I recently started using yelp.com extensively because their google map search mashup is so damn handy. When I’m trying to find a place that I know is in a general area I find it’s the quickest way to find things. The reviews are usually pretty good too.
I started writing brief reviews on yelp and thought I should add it to awardtour. So you should now see a new section on the main page’s sidebar entitled “seattle reviews”. It shows my 3 latest reviews and the rating I gave the place. I initially thought that adding this should be pretty simple, “there must me a wordpress plugin to source an rss feed”. Well, there is but there were problems at every turn.
Fair warning, what follows is a very nerdy explanation of the problems I had. If you don’t know what xlst is or care about HTTP response codes, then you might want to stop reading and trust me when I say that it took more effort than need be.
I first tried out inlineRSS which is designed to take any rss feed and use an xslt to output it. I’ve never really used xlst before but, after trying to do just a few simple things, I hope I never do again. At this point, I can’t see why anyone would use xlst for anything. So I looked for another plugin and came across feedlist. After tweaking it a bit (for formatting mostly), I gave it a try and it failed miserably. It turns out that magpie, the php library that wordpress uses to retrieve rss, doesn’t handle HTTP 301 redirects. At this point I had spent about 4 hours working on something I thought would take 1 hour at most. So I googled my 301/magpie issue and found out that people had the same problem with ma.gnolia and that someone wrote a ma.gnolia specific wordpress plugin. It uses lastRSS instead of magpie and it thankfully handles 301s. So I downloaded this plugin and hacked in a few changes: pointed it to yelp, changed the formatting, and limited the description to 160 characters. This probably took 20 minutes. Et voila.
What’s foolish is that if I had just tried a simple integration test on the first 2 plugins I wouldn’t have wasted so many hours tinkering with them. This is foolish because this is one of the few facts of software development that I’ve learned in my job. Get an end-to-end test working first, then worry about the rest.
Anyways, I think I might clean this script up and add some formatting options like the Wordpress Get-Recent-Comments plugin (which is really well done) and put it out there for other wordpress+yelp users.
I’m sorry you had to go through so much trouble with feedList. I know it isn’t very clear on the feedList homepage (well it is a little more now) but there is an older version of feedList - rssLinkList - that also uses lastRSS (and thus works with mag.nolia).
feedList moved to using magpie because it is built into wordpress and I wanted to make configuration easy - unfortunately it worked out to make it harder for you.

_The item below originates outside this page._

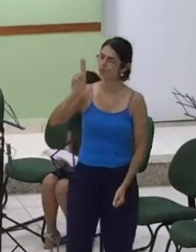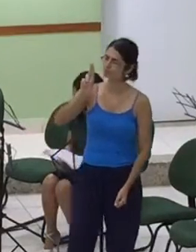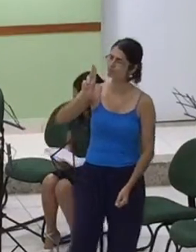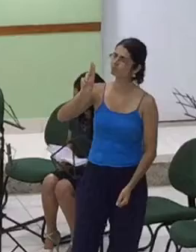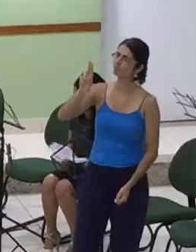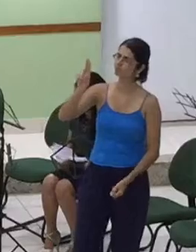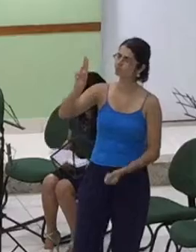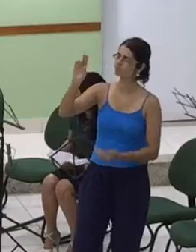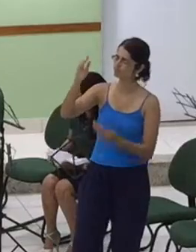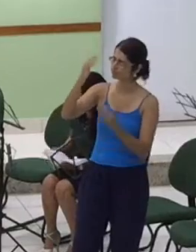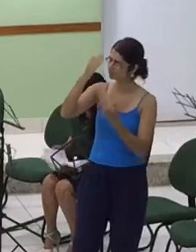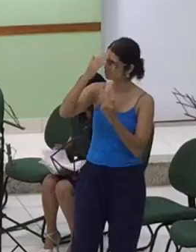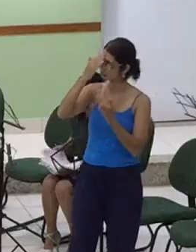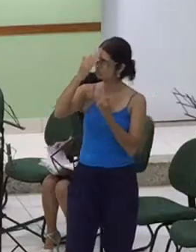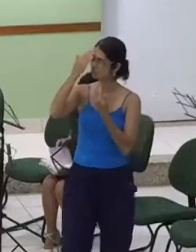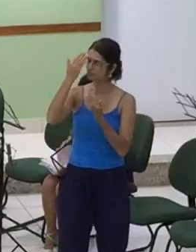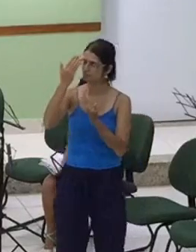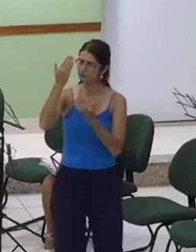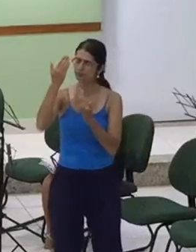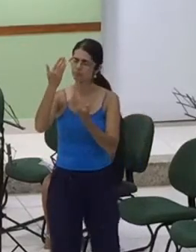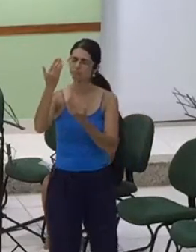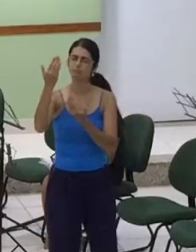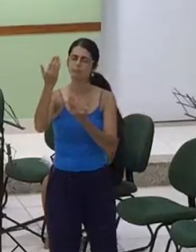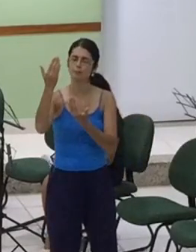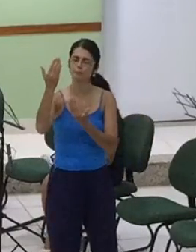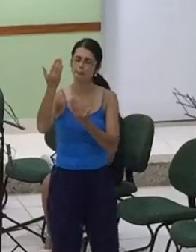Vou lembrar pelo amor Prende-me,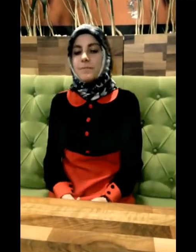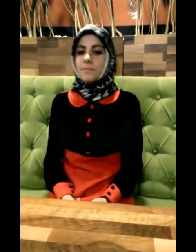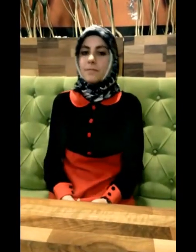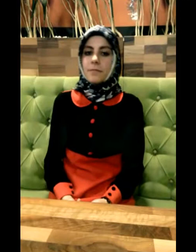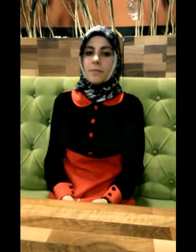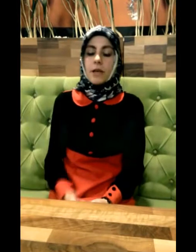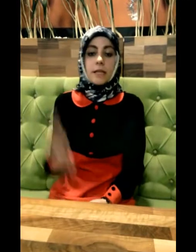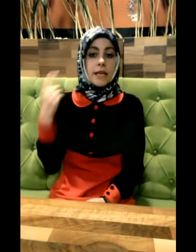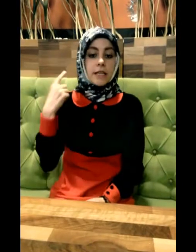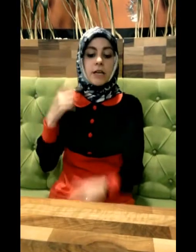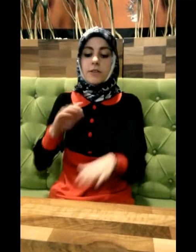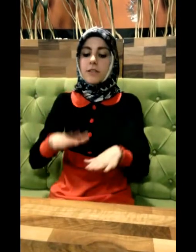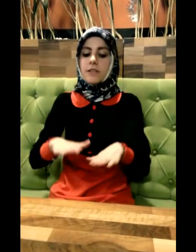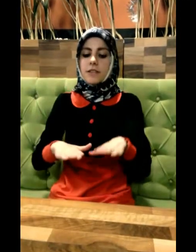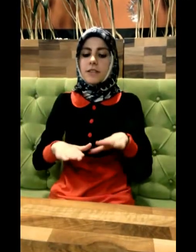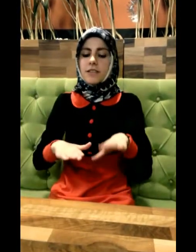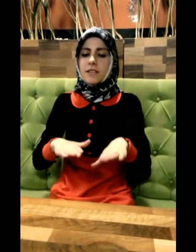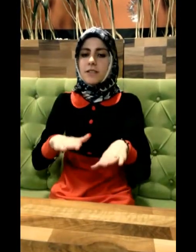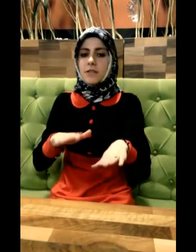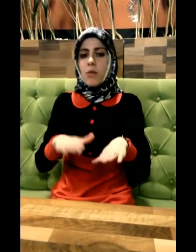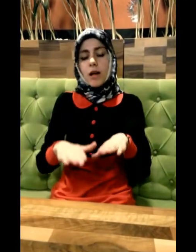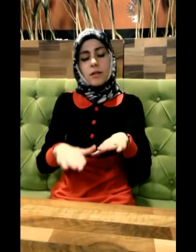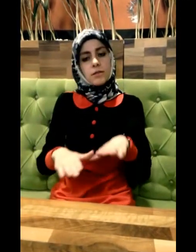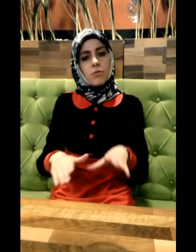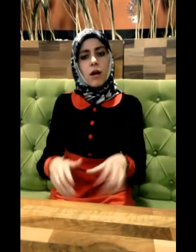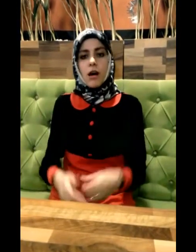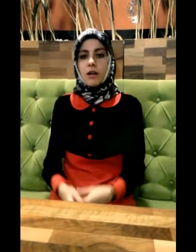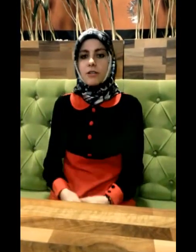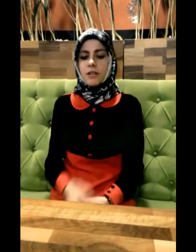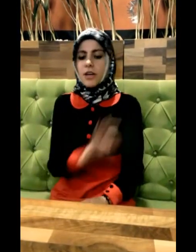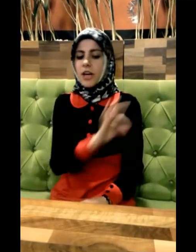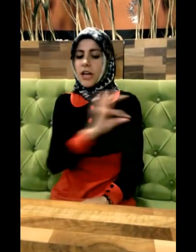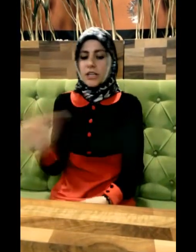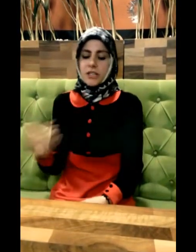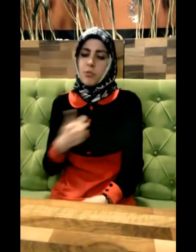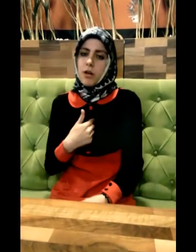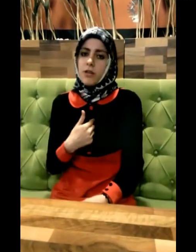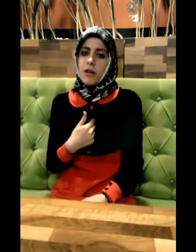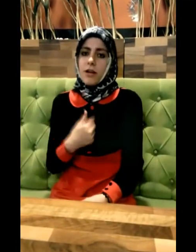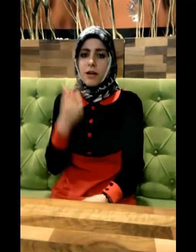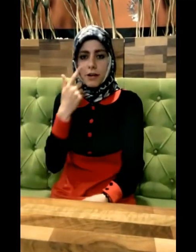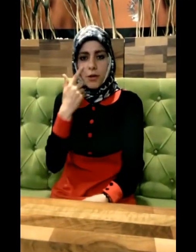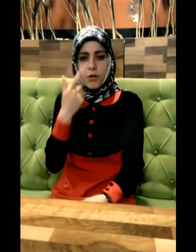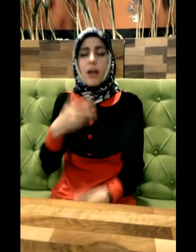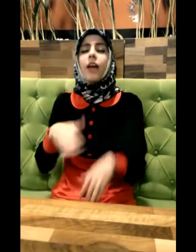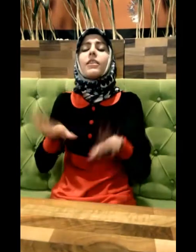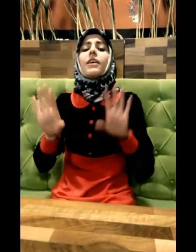Geri adım atmak hiç bana göre değil,

I hope to eventually combine the two so that feedList falls back to lastRSS if the magpie effort fails. (magpie supports ATOM feeds which lastRSS doesn’t).
“This is foolish because this is one of the few facts of software development that I’ve learned in my job. Get an end-to-end test working first, then worry about the rest.”
Bingo. So true.
XSLT is one of those things that must have seemed like a good idea when everyone had a really big hard-on for anything to do with XML. When I worked at the computer systems group, part of their research was specifying programs & problems in XML, and using XSLT to generate corresponding C code.
it’s amazing how much people used xml in the late-90s to early-00s, even when it made no sense. i did a contracting gig at a major bank the other year and they managed to overuse xml in ways i couldnt even imagine. and since they were using software like oracle8 and the first version of MSXML and so the performance on xml processing was downright atrocious.